▶ **TASK TO COMPLETE**
Below are the records; copy out every line that holds the word "wide".

Stored data entries
★ ★ ★ ★ ★ ★ ★

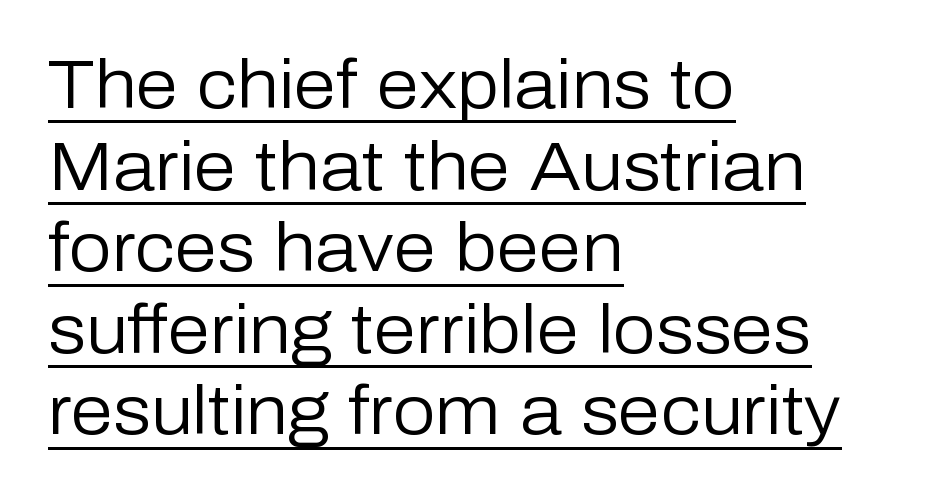
{"serif": "no", "italic": "no", "bold": "no", "weight": "regular", "width": "normal", "stroke_contrast": "low", "x_height": "medium", "monospaced": "no", "underline": "yes", "align": "left", "line_spacing_ratio": 1.2, "letter_spacing": "normal", "letter_spacing_em": 0.0, "glyph_px": 68}
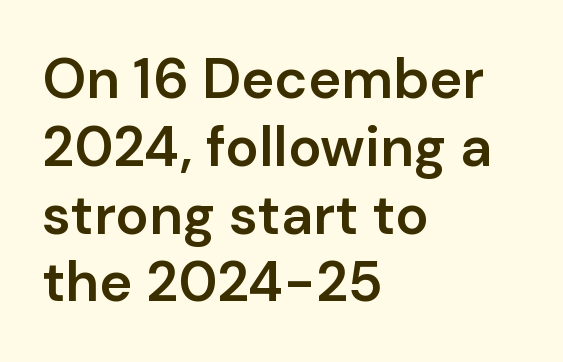
The image shows 56 px semibold sans-serif type, upright; set left-aligned, line spacing 1.21x, normal letter spacing, not underlined; low stroke contrast and a medium x-height.
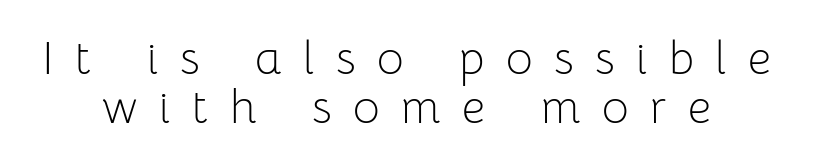
The image shows 46 px light sans-serif type, upright; set tight line spacing (1.07x), unusually wide letter spacing (+0.47 em), not underlined; low stroke contrast and a medium x-height.
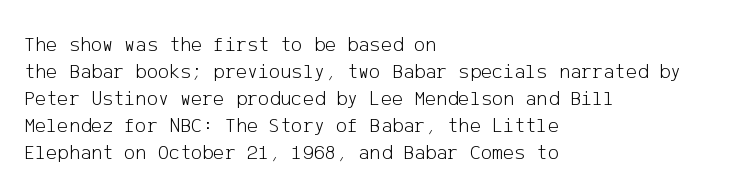
{"italic": "no", "bold": "no", "underline": "no", "align": "left", "line_spacing": "normal", "line_spacing_ratio": 1.28, "letter_spacing": "normal", "letter_spacing_em": 0.0, "glyph_px": 21}
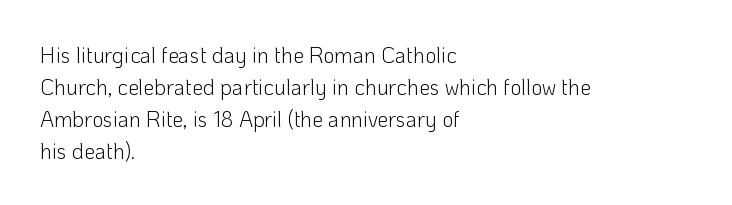
Q: Is the text bold? A: No.
Q: Is the text italic (slanted)? A: No, it is upright.
Q: Is the text underlined? A: No.
Q: How is the paragraph aligned? A: Left-aligned.
Q: Is the spacing between letters normal or unusually wide? A: Normal.
Q: Is the spacing between lines tight, normal or loose? A: Normal.
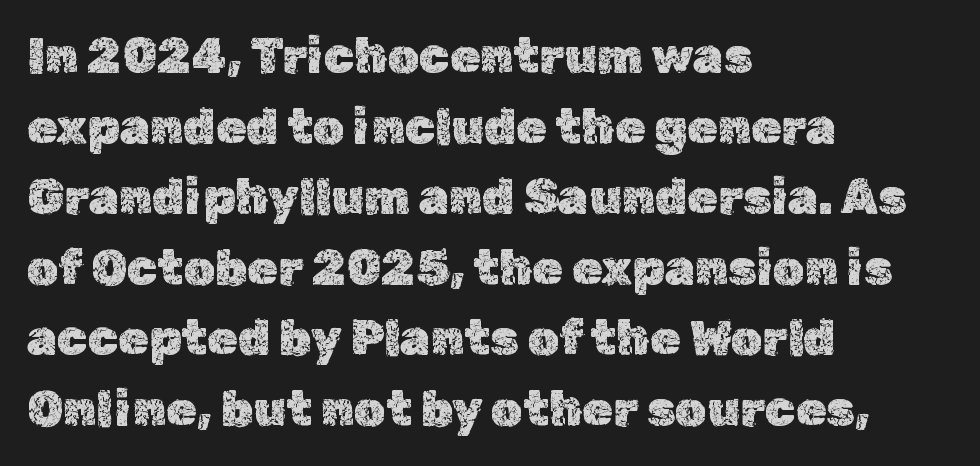
Q: Is the text italic (slanted)? A: No, it is upright.
Q: Is the text underlined? A: No.
Q: How is the paragraph aligned? A: Left-aligned.
Q: Is the spacing between letters normal or unusually wide? A: Normal.
Q: Is the spacing between lines tight, normal or loose? A: Normal.
Q: Width (condensed, normal, or wide)? A: Normal.
Q: x-height? A: Medium.
Q: Monospaced? A: No.

★ ★ ★ ★ ★ ★ ★

▶ **TASK SOLUTION**
The image shows 46 px light sans-serif type, upright; set tight line spacing (1.07x), unusually wide letter spacing (+0.47 em), not underlined; low stroke contrast and a medium x-height.
Q: Is the spacing between letters normal or unusually wide? A: Normal.
Q: Is the spacing between letters normal or unusually wide? A: Normal.
Q: Width (condensed, normal, or wide)? A: Normal.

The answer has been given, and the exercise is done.